Vor dem Beenden eines Angebots gilt:
- Vergewissern Sie sich, dass Ihr Grund für das Beenden des Angebots gültig ist. […]“
Im Weiteren hieß es unter anderem:
„Angebot läuft noch länger als 12 Stunden
Wenn das Angebot noch 12 Stunden oder länger läuft, können Sie es ohne Einschränkungen vorzeitig beenden. Wenn zum Zeitpunkt der Beendung des Angebots Gebote für den Artikel vorliegen, werden Sie gefragt, ob Sie die Gebote streichen oder den Artikel an den Höchstbietenden verkaufen möchten. […]“
Der BGH kam angesichts dessen zu dem Ergebnis, dass dem Kläger ein Anspruch auf Schadensersatz statt der Leistung in Höhe von EUR 8.500,00 zusteht. Zwischen dem Kläger als Höchstbietendem und dem Beklagten ist ein Kaufvertrag über das Stromaggregat zum Preis von EUR 1,00 zustande gekommen.
Das Verkaufsangebot war aus Sicht des an der Auktion teilnehmenden Bieters dahin auszulegen, dass es nur unter dem Vorbehalt einer gemäß § 9 Nr. 11, § 10 Nr. 1 Satz 5 der eBay-AGB berechtigten Angebotsrücknahme stand.

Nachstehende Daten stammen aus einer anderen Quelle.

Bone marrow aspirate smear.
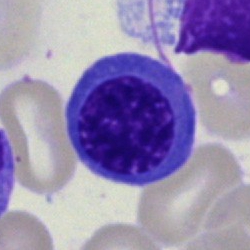 Cell: erythroblast.
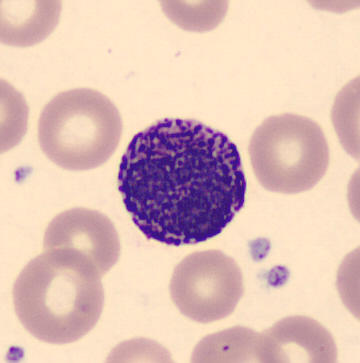Classification = basophilic granulocyte.
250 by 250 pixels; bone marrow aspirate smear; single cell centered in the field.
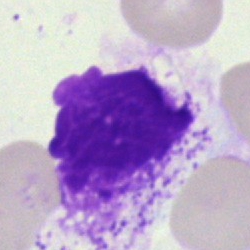Q: What is shown here?
A: This is an artefact.

Keiner der dort benannten Gründe zur Rücknahme des Angebots lagen vor. Deshalb war das Angebot nicht unverbindlich. Denn aus den an § 9 Nr. 11 der eBay-AGB anknüpfenden „Weiteren Informationen“ lässt sich nicht entnehmen, dass ein Angebot ohne einen dazu berechtigenden Grund zurückgenommen werden darf. Das gilt auch dann, wenn die Auktion – wie hier – noch 12 Stunden oder länger läuft. Die „Weiteren Informationen“ sind lediglich als Ergänzung von § 9 Nr. 11 hinsichtlich der praktischen Durchführung der Angebotsrücknahme zu verstehen. Die – dem Geschäftsmodell einer eBay-Auktion zugrunde liegende – Bindung an das Angebot für die Dauer der Auktion soll dadurch nicht weiter eingeschränkt werden.